The scales in the drawings are indicated as follows: Ml: 1; Ml: 2; M2: I, etc. The drawing of the product can be made on any scale, but the dimensions are those that the product has in kind.

Applying dimensions. An error in size leads to defects in production. Part dimensions after final processing indicated in the drawings in millimeters, with the exception of pipe and inch thread sizes, which are indicated in inches

max (1 inch equals 25.4 mm).

The word millimeter is not written on the drawing. Each size in the drawing is indicated only once and only in one view. Dimensional numbers are applied above the dimension line and, as an exception, in the gap in the dimension line (Fig. 5). Dimension lines are drawn both in views of the part (inside the outline) and outside the outline of the part. The arrows of dimension lines should rest with their tips on the contour lines or extension lines. If there is limited space for arrows, they can be replaced with dots or dashes (see Fig. 5). Radii of fillets and other rounded parts - 8

it is marked with the Latin letter R (Fig. 6). Diameter size indicate conventional sign 0> he explains that the part shown in the drawing has round shape. In Fig. 6 shown

(see Fig. 6). Details of a symmetrical shape can be depicted - not completely in the views, but a little more than half; in such cases, an arrow is placed on the dimension line at one end

(Fig. 7). When applying dimensions from the general base of a part, it is recommended to apply dimension lines as shown in Fig. 8.

The base is the original surface of the part, in relation to which all dimensions are oriented. IN practical work There are different conventions for applying dimensions; they must be studied in GOST 3458-59.

Limit deviations allowed in the manufacture and processing of parts. In mechanical engineering, very small deviations from specified dimensions are allowed to ensure the interchangeability of parts of the same name included in a mechanism or unit.

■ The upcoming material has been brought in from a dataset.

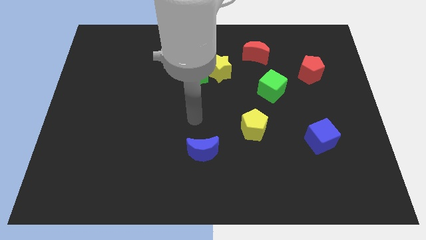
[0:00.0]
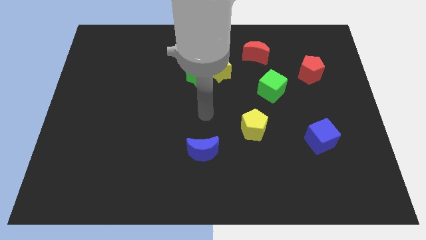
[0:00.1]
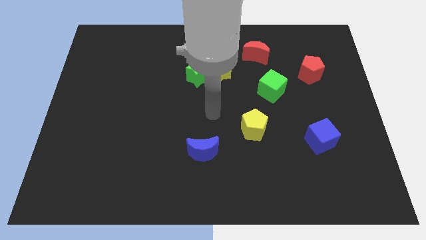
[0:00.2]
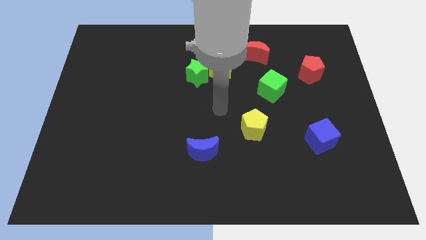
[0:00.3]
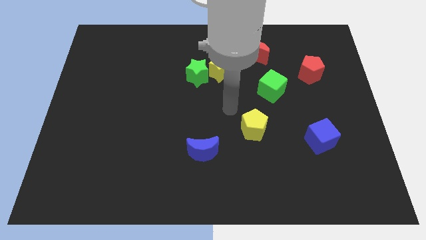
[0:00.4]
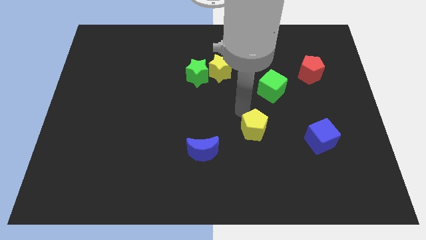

To allow the shaft to rotate freely, there is a gap in the cylindrical bore of the bearing between the shaft and the bore in which the lubricant is placed. The gap between the parts is equal to fractions of a millimeter. The specified size in the drawing, around which the dimensions of the hole and shaft diameters fluctuate, is called nominal size. The upper and lower permissible deviations from the nominal size determine the tolerance for the manufacture of the part. Maximum deviations are indicated by a plus sign (+) or minus sign (-) and are written on the drawings following the size of the part in small numbers. For example, on the shaft, after the nominal size 20, it is written (Fig - 9)” this means

It is expected that all shafts with a diameter between 20.1 and 19.8 mm are suitable for use in machines. Maximum deviations equal to zero are not indicated on the drawings.